A Quick Tutorial on Setoids in Coq

A setoid is a type T and an equivalence relation (=) : T -> T -> Prop=. Coq has some built-in automation facilities for working with setoids that can make your life a lot easier.

Building a setoid

Let's suppose we wanted to implement a quick-and-dirty version of finite sets on some type A. One option is to use list A, but lists have two properties that get in the way: ordering and duplication. Building a Setoid allows us to abstract away these features, and consider two lists equivalent if they have the same elements.

Context {A : Type}.

Definition equiv_list (l1 l2 : list A) : Prop :=
  ∀ a : A, In a l1 <-> In a l2.

To register our new equivalence with Coq and reap the benefits of automation, we make list A an instance of the Setoid typeclass:

Instance ListSetoid : Setoid (list A) :=
  { equiv := equiv_list }.
Proof.
  split.

At this point, we're dropped into proof mode and our goal is to prove that equiv_list is an equivalence relation. To see the full proof, see the Coq source for this post (we use some setoid-related automation to prove this goal).

Immediately, we gain access to a few tactics that work for normal equality, like reflexivity, symmetry (plus symmetry in [...]), and transitivity.

setoid_rewrite

The #1 benefit to using setoids is access to the setoid_rewrite tactic. Rewriting is one of the most powerful features of the tactic language, and using setoids allows us to expand its reach.

Suppose we have l1 l2 : list A. If we have l1 = l2 (where = is Coq's built-in equality), we can replace l1 with l2 in all contexts:

Lemma hd_eq (l1 l2 : list A) : l1 = l2 -> hd l1 = hd l2.
Proof.
  intros l1eql2.
  now rewrite l1eql2.
Qed.

This isn't true if we just know l1 = l2= (where == is notation for list_equiv). However, there are certain contexts in which they are interchangeable.
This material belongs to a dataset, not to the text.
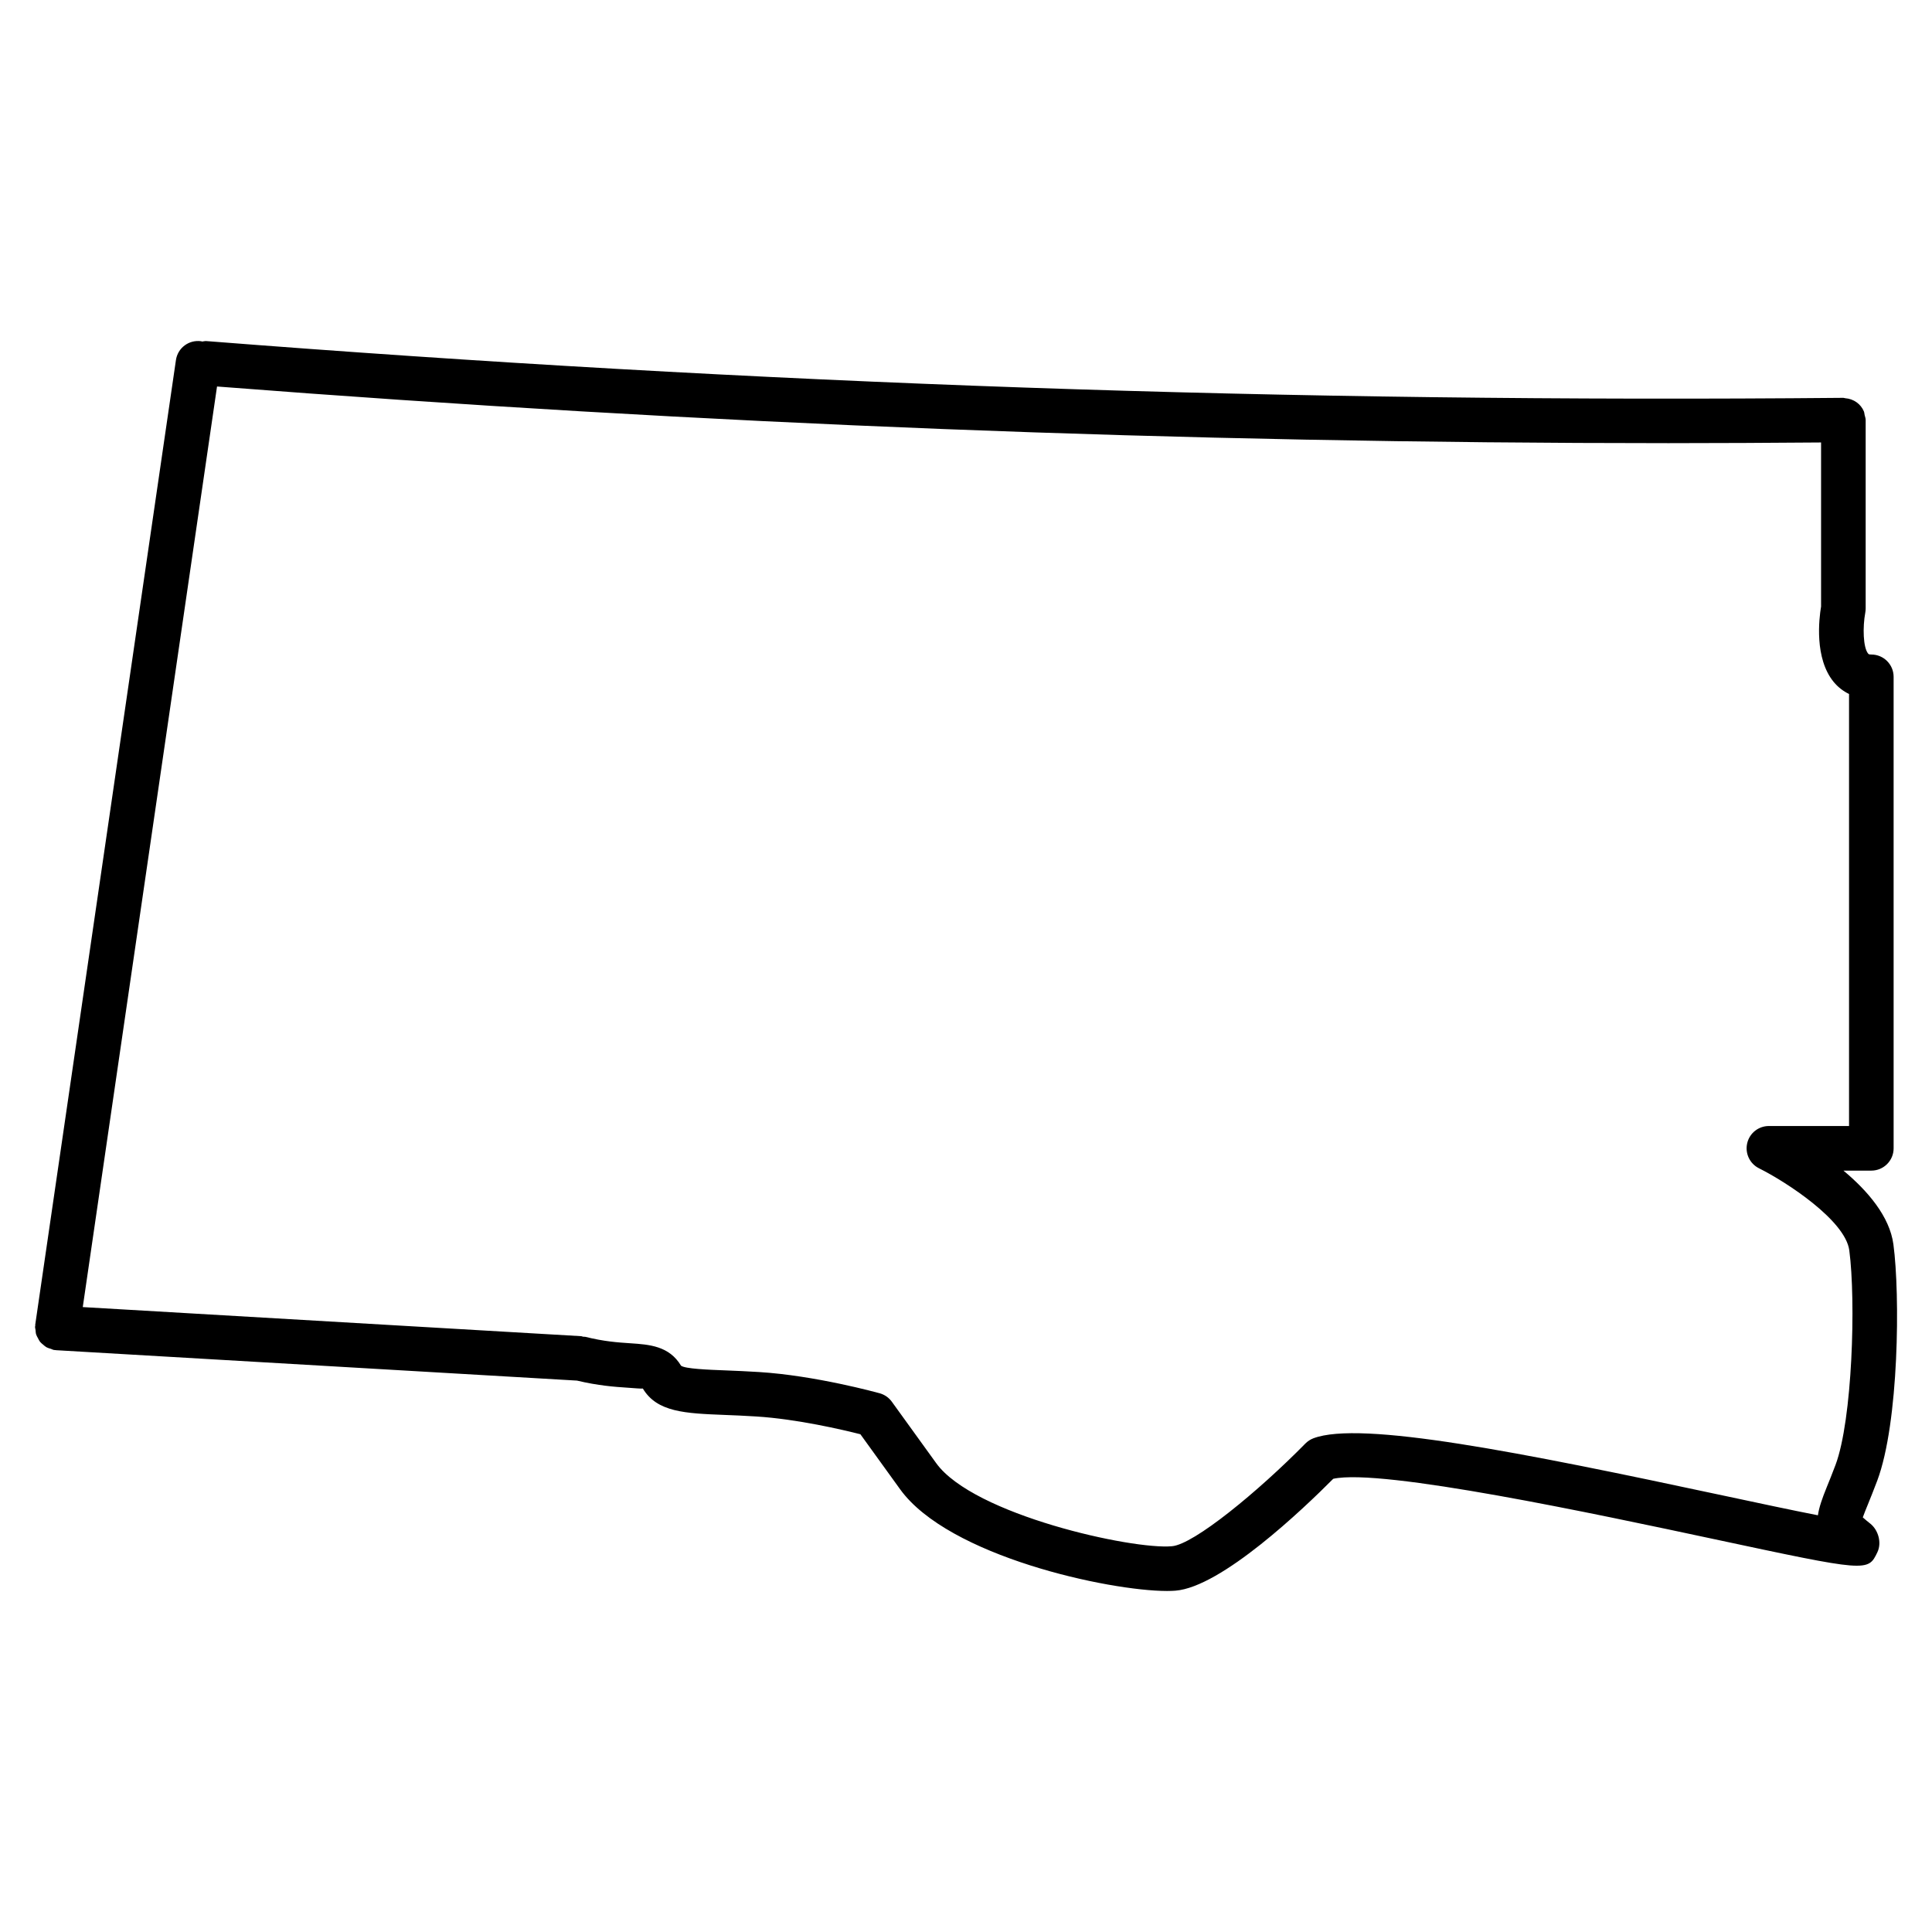 <?xml version="1.0" encoding="UTF-8"?>
<svg width="1200pt" height="1200pt" version="1.1" viewBox="0 0 1200 1200" xmlns="http://www.w3.org/2000/svg">
 <path d="m1157 942.52c0.719-2.066 1.992-5.207 3.25-8.27 1.586-3.934 3.508-8.676 5.742-14.586 13.551-36.203 14.215-115.59 10.043-146.73-2.324-17.465-16.137-33.414-31.035-45.84h17.316c7.644 0 13.848-6.203 13.848-13.848l-0.004-292.86c0-7.644-6.203-13.848-13.848-13.848-1.516 0-1.773-0.297-1.977-0.574-3.137-3.766-3.453-16.449-1.773-25.457 0.148-0.832 0.238-1.719 0.238-2.566v-117.01c0-0.02-0.02-0.035-0.02-0.055 0-0.02 0.02-0.035 0.02-0.055-0.02-1.07-0.387-2.012-0.629-3.008-0.184-0.758-0.184-1.586-0.48-2.289-1.938-4.633-6.371-7.789-11.574-8.18-0.387-0.035-0.738-0.238-1.164-0.238h-0.055-0.074c-342.17 3.156-674.68-8.418-1016.5-35.242-0.977-0.109-1.883 0.184-2.824 0.277-0.184-0.02-0.332-0.148-0.516-0.184-7.644-1.09-14.602 4.137-15.711 11.703l-87.391 599.15c-0.02 0.223 0.055 0.387 0.035 0.609-0.02 0.203-0.148 0.371-0.148 0.574-0.035 0.738 0.223 1.383 0.297 2.106 0.094 0.941 0.109 1.883 0.387 2.75 0.277 0.848 0.719 1.586 1.145 2.363 0.426 0.793 0.773 1.586 1.328 2.269 0.555 0.684 1.254 1.18 1.938 1.773 0.684 0.59 1.293 1.164 2.086 1.586 0.812 0.441 1.719 0.664 2.621 0.941 0.684 0.223 1.273 0.609 1.992 0.719 0.332 0.035 0.645 0.035 0.977 0.074 0.074 0 0.148 0.055 0.223 0.055l323.63 18.887c13.051 3.137 23.52 3.894 31.18 4.394 4.062 0.277 9.047 0.738 9.711 0.535 8.824 14.75 26.398 15.434 50.715 16.395 5.891 0.238 12.461 0.48 19.719 0.961 25.367 1.586 53.777 8.27 64.688 11.039l24.684 34.191c30.109 41.688 129.71 63.156 165.8 63.156 1.902 0 3.617-0.074 5.168-0.184 28.578-2.234 79.477-50.824 98.031-69.488 29.98-6.664 163.57 21.895 236.34 37.422 95.762 20.473 95.777 20.438 101.65 8.18 2.769-5.777 0.664-13.605-4.281-17.648-1.305-1.02-3.336-2.684-4.754-3.957zm-16.949-32.582c-2.106 5.613-3.949 10.137-5.465 13.863-2.863 7.051-4.781 12.609-5.445 17.371-15.785-3.082-37.586-7.734-58.949-12.297-126.18-26.973-225.03-46.652-254.44-35.52-1.883 0.719-3.543 1.828-4.965 3.25-29.336 29.852-69.359 62.73-82.91 63.785-24.371 2.254-123.14-19.422-146.38-51.582l-27.582-38.195c-1.848-2.547-4.484-4.375-7.516-5.227-1.625-0.441-40.008-11.023-74.992-13.199-7.496-0.48-14.27-0.738-20.363-0.996-11.355-0.426-25.496-0.996-28.043-2.934-7.383-12.312-19.699-13.145-31.605-13.938-7.312-0.48-16.43-1.109-27.805-3.988-0.441-0.109-0.867 0-1.312-0.055-0.441-0.074-0.812-0.312-1.273-0.352l-309.6-18.074 83.391-571.79c303.32 23.574 599.43 35.188 901.52 35.188 31.496 0 63.121-0.184 94.781-0.426v101.89c-1.273 7.57-4.246 32.215 7.883 46.91 2.676 3.231 5.891 5.668 9.488 7.441v268.32h-49.789c-6.426 0-12 4.414-13.457 10.652-1.477 6.258 1.531 12.703 7.273 15.582 17.262 8.621 53.648 32.418 56.125 50.973 4.156 31.434 1.961 105.24-8.562 133.34z"/>
</svg>

Suppose further that A has decidable equality, and consider the following remove function:

Context {deceq : ∀ x y : A, {x = y} + {x ≠ y}}.

Fixpoint remove (x : A) (lst : list A) : list A :=
  match lst with
  | nil => nil
  | cons y ys =>
    match deceq x y with
    | left  _ => remove x ys
    | right _ => y :: remove x ys
    end
  end.

Since this removes all occurrences of x in lst, we should be able to prove

∀ x l1 l2, l1 == l2 -> remove x l1 = remove x l2

We state this lemma a bit oddly:

Instance removeProper : Proper (eq ==> equiv ==> equiv) remove.

This concisely states "given two equal inputs x y : A and two equivalent lists l1 l2 : list A, remove x l1 is equivalent to remove y l2". In other words, remove respects equality on A (trivially -- every Coq function respects equality) and the equivalence relation == (AKA equiv) on list A.

Once we have an Instance of Proper, we can use setoid_rewrite to replace replace remove x l1 with remove x l2, even when they appear nested in the goal statement:

Instance revProper : Proper (equiv ==> equiv) (@rev A).
Proof.
  [...]
Qed.

Lemma remove_rev_remove {a b : A} {l1 l2 : list A} :
  l1 == l2 -> rev (remove a l1) == rev (remove a l2).
Proof.
  intros H.
  now setoid_rewrite H.
Qed.

We can even compose Proper instances automatically:

Require Import Coq.Program.Basics.
Local Open Scope program_scope.

Instance rev_remove_Proper : ∀ a, Proper (equiv ==> equiv) (@rev A ∘ remove a).
Proof.
  apply _.
Qed.

The benefits of setoid rewriting continue to increase with the complexity of the goal.